As is clear from the above description, according to the spectral distribution measuring spectrometer of the present invention, at least between the collimating optical system and the diffraction grating, at least the diffraction grating Since the beam diameter expanding optical system that expands the beam diameter in the dispersion direction is provided, the focal length of the collimating optical system can be extended by the beam expansion ratio of the beam diameter expanding optical system without extending the focal length of the collimating optical system. The same effect as described above can be obtained, the resolution can be reduced by the beam expansion rate, and a high-resolution spectrometer can be realized with a size substantially equal to that of the conventional device without increasing the size of the device.

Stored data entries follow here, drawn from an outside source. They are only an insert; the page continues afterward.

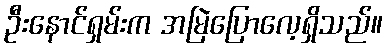
ဦးနောင်ရှမ်းက အမြဲပြောလေ့ရှိသည်။
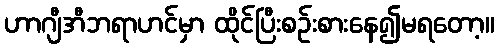
ဟာဂျီအီဘရာဟင်မှာ ထိုင်ပြီးစဉ်းစားနေ၍မရတော့။
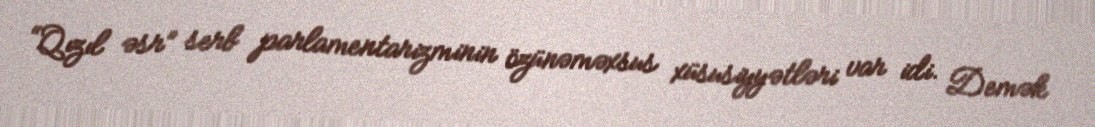
“Qızıl əsr” serb parlamentarizminin özünəməxsus xüsusiyyətləri var idi. Demək
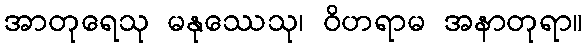
အာတုရေသု မနုဿေသု၊ ဝိဟရာမ အနာတုရာ။

When an echelle grating is used as a diffraction grating, the light amount is 40% or more even at a diffraction angle of 70 ° or more, so that measurement with a good S / N ratio becomes possible.

[Brief description of the drawings]

FIG. 1 is a diagram showing a configuration and an optical path of a spectral distribution measuring spectroscopic device according to an embodiment of the present invention.

[Explanation of symbols]

1 ... reflection type diffraction grating (echelle grating) 2 ... collimator lens (Ken'yuizo lens) 3 ... entrance slit 4 ... line sensor 5 ... expanding prism optical system 5 ₁ to 5 ₃ ... expanding prism 6 ... deflection mirror

Claims (5)

[Claims] 1. An incident slit, a collimating optical system for collimating measurement light passing through the incident slit, light diffracted by the collimating optical system incident thereon, and diffracted at different diffraction angles depending on the wavelength. An imaging optical system for condensing the diffracted light beam, a spectral distribution measuring spectroscope provided with an exit slit or a light distribution detecting element arranged on a focal plane of the imaging optical system, wherein at least a collimating optical system and a diffraction grating A spectral distribution measuring spectroscope, characterized in that a beam diameter expanding optical system for expanding at least the diameter of the light collimated by the collimating optical system in the dispersion direction of the diffraction grating is arranged. 2. A spectral distribution measuring apparatus according to claim 1, wherein said beam diameter expanding optical system comprises one or a plurality of expanding prisms. 3. The spectral distribution measuring spectrometer according to claim 1, wherein the diffraction grating comprises a reflection type diffraction grating, and the collimating optical system also serves as the imaging optical system. 4. The spectroscopic apparatus for measuring a spectral distribution according to claim 3, wherein said diffraction grating is made of an echelle grating. 5. The light distribution detecting element comprises a linear sensor in which minute light detecting elements are linearly arranged, or a two-dimensional array sensor in which minute light detecting elements are arranged in a plane. The spectroscopic device for measuring spectrum distribution according to any one of claims 1 to 4.